In a judgment handed down today, the High Court has clarified the operation of the General Protections provisions of the Fair Work Act. Prior to today’s decision, there had been extensive debate about whether a subjective or objective test was to be applied to determine the reason why adverse action was taken by an employer against an employee.
In The Board of Bendigo Regional Institute of TAFE v Barclay  HCA 32, the Court held that:
“...the central question remains "why was the adverse action taken?. This question is one of fact, which must be answered in the light of all the facts established in the proceeding. Generally, it will be extremely difficult to displace the statutory presumption if no direct testimony is given by the decision-maker acting on behalf of the employer. Direct evidence of the reason why a decision-maker took adverse action, which may include positive evidence that the action was not taken for a prohibited reason, may be unreliable because of other contradictory evidence given by the decision-maker or because other objective facts are proven which contradict the decision-maker's evidence.
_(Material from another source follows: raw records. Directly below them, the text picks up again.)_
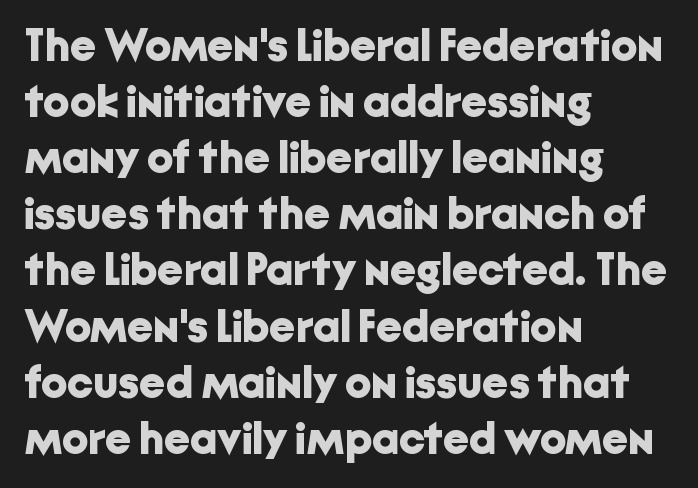
Notice how the stems are strictly vertical — no italics here. The letters advance in unequal steps, a hallmark of proportional type. Has an underline been added? It has not. Nothing unusual about the tracking: characters are spaced as the font intends.
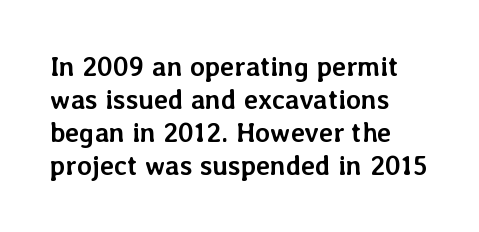
Words float on clear page, feet unadorned. Does the lettering tilt? It doesn't — this is upright. Visually the block forms a straight wall on the left and a jagged coastline on the right. These words are printed bold, with thick strokes throughout. Characters follow at the spacing the type designer built in.
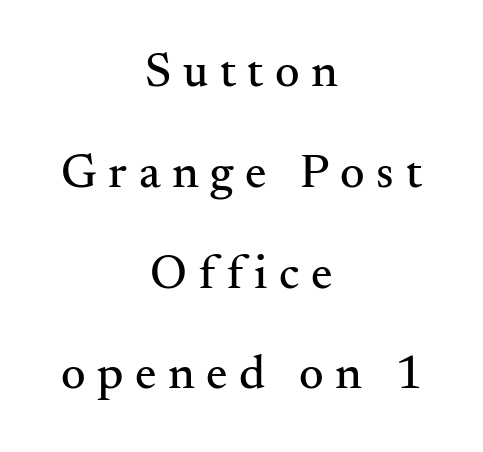
Each new line begins a long way beneath the previous one. To sum up the face: it has serifs. Alignment: centered. Words appear elongated and porous because spacing is wide. The words here are not underlined. Posture: upright roman.
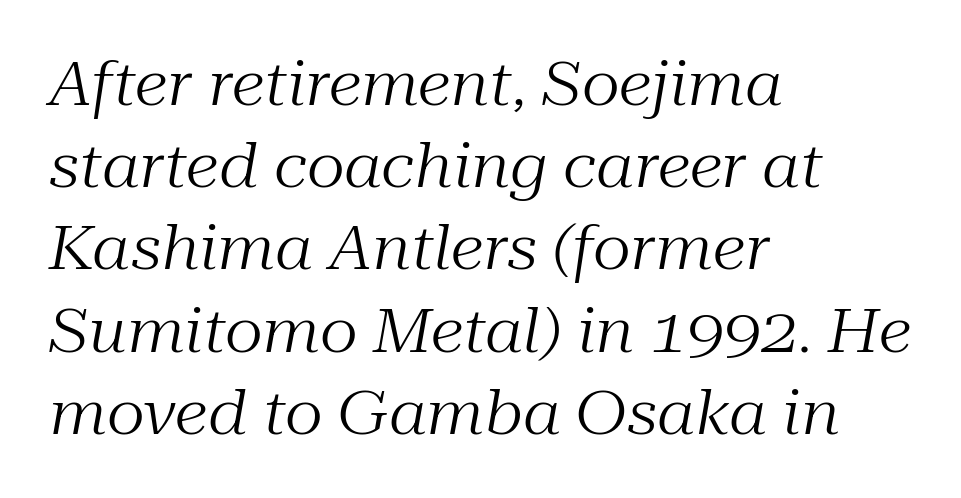
The strokes are not fattened; the text isn't bold. The letters sit at their default tracking, neither squeezed nor spread. The face used here is proportionally spaced, like ordinary book or web type. This rendering employs a face with finishing strokes, i.e., a serif.
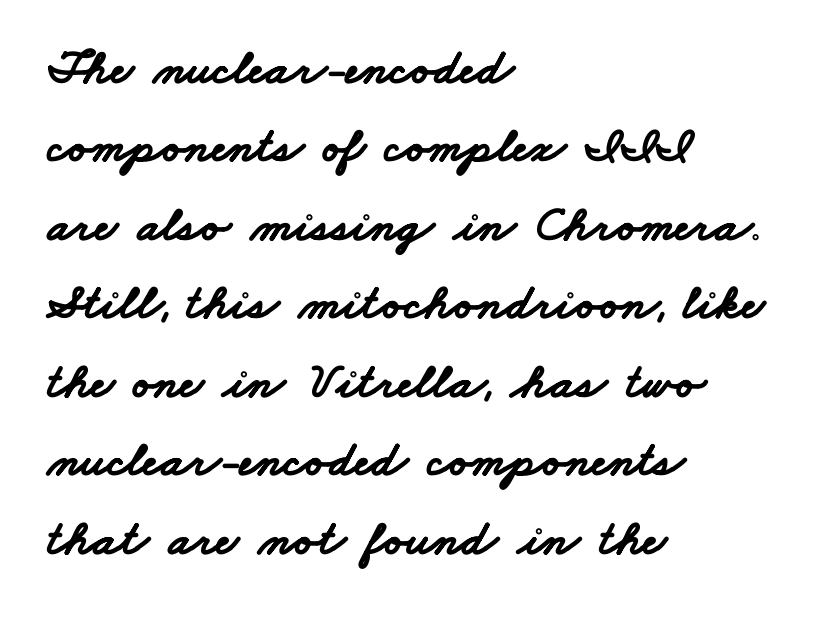
Q: Is the text bold? A: Yes.
Q: Is the typeface a serif or a sans-serif typeface? A: Sans-serif.
Q: Is the text underlined? A: No.
Q: How is the paragraph aligned? A: Left-aligned.
Q: Is the spacing between letters normal or unusually wide? A: Normal.
Q: Is the spacing between lines tight, normal or loose? A: Normal.
Q: Width (condensed, normal, or wide)? A: Wide.
Q: Stroke contrast? A: Low.
Q: x-height? A: Small.
Q: Monospaced? A: No.
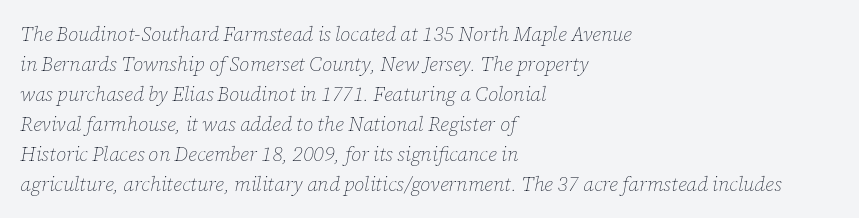
The specimen reads as italic at a glance. This block has exactly the height ordinary leading produces. Plain, unruled lines of type. Weight class: somewhere from thin through regular. Line beginnings align vertically; line endings do not. How are the letters spaced? Ordinarily, with no added tracking.
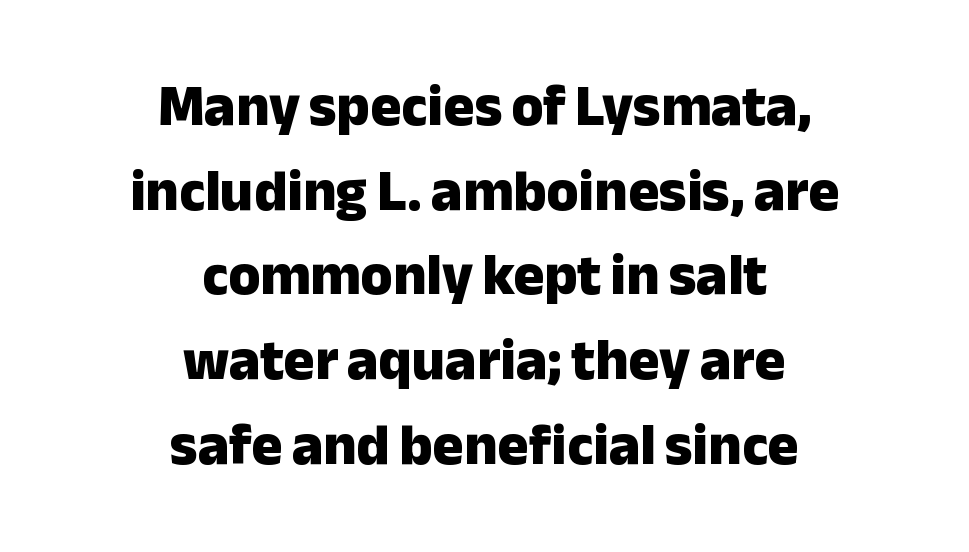
Q: Is the text bold? A: Yes.
Q: Is the text italic (slanted)? A: No, it is upright.
Q: Is the typeface a serif or a sans-serif typeface? A: Sans-serif.
Q: Is the text underlined? A: No.
Q: How is the paragraph aligned? A: Centered.
Q: Is the spacing between letters normal or unusually wide? A: Normal.
Q: Is the spacing between lines tight, normal or loose? A: Normal.
Q: Width (condensed, normal, or wide)? A: Normal.
Q: Stroke contrast? A: Low.
Q: x-height? A: Medium.
Q: Monospaced? A: No.
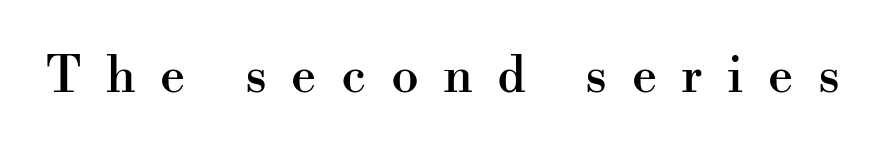
The image shows 50 px serif type, upright; set unusually wide letter spacing (+0.49 em), not underlined; high stroke contrast and a small x-height.
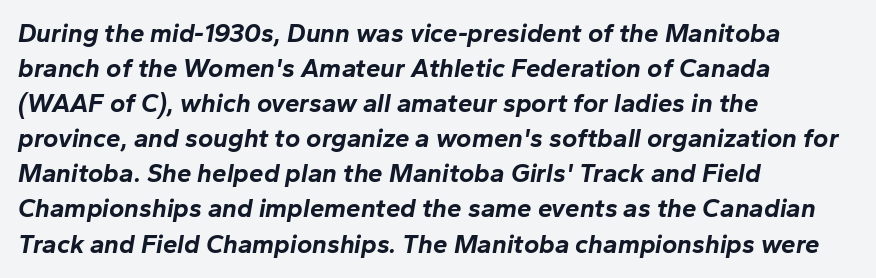
{"italic": "yes", "lean": "right", "slant_degrees": 10, "bold": "yes", "underline": "no", "align": "left", "line_spacing": "normal", "line_spacing_ratio": 1.35, "letter_spacing": "normal", "letter_spacing_em": 0.0, "glyph_px": 26}
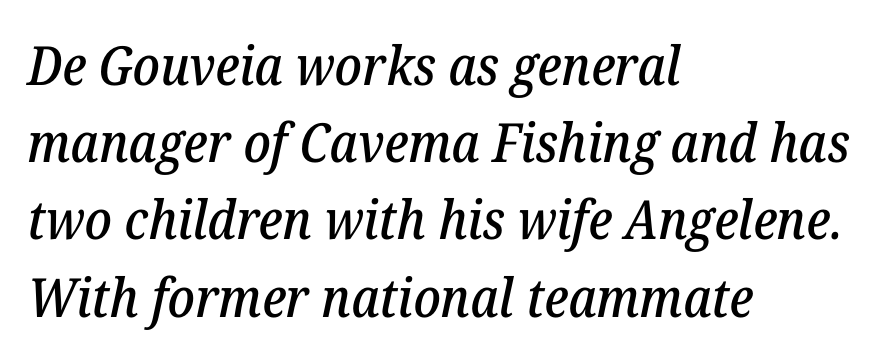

However, direct testimony from the decision-maker which is accepted as reliable is capable of discharging the burden upon an employer even though an employee may be an officer or member of an industrial association and engage in industrial activity.”
“In this case the primary judge adopted the correct approach to the relevant provisions. Dr Harvey gave evidence of her reason for taking adverse action against Mr Barclay and also gave positive evidence that this was not for a prohibited reason and that she would have taken the same action against a person circulating a similar email who was not an officer of the AEU. That evidence was accepted by the primary judge and his findings in that regard were not challenged before the Full Court. The appellant discharged the burden cast upon it to show that the reason for the adverse action was not a prohibited reason, and that Mr Barclay's union position and activities were not operative factors in him being required to show cause. The appeal must be upheld and consequential orders made.”
A majority of the Full Federal Court (consisting of Gray and Bromberg JJ) had previously found differently. They held that the taking of adverse action must be shown to be objectively “dissociated from the circumstances” that the aggrieved person has or had in relation to a workplace right, protected attribute or industrial activity.
In its June 2012 report to the Federal Government, the Fair Work Act Review Panel recommended that, if the High Court did not overturn the Full Federal Court decision in Barclay, the Government should amend the Fair Work Act to give employers access to a complete defence if it is established that the decision-maker had a belief about the lawfulness of their action that was honestly held and reasonable considering all of the circumstances.
The High Court decision has removed the need for this amendment. Employers giving testimony of such a belief about the lawfulness of the action will still need to convince the judge, on a balance of probabilities, that in all of the circumstances the belief was honestly and sincerely held. However once the employer discharges this evidential onus, a claimant will find it extremely difficult to succeed.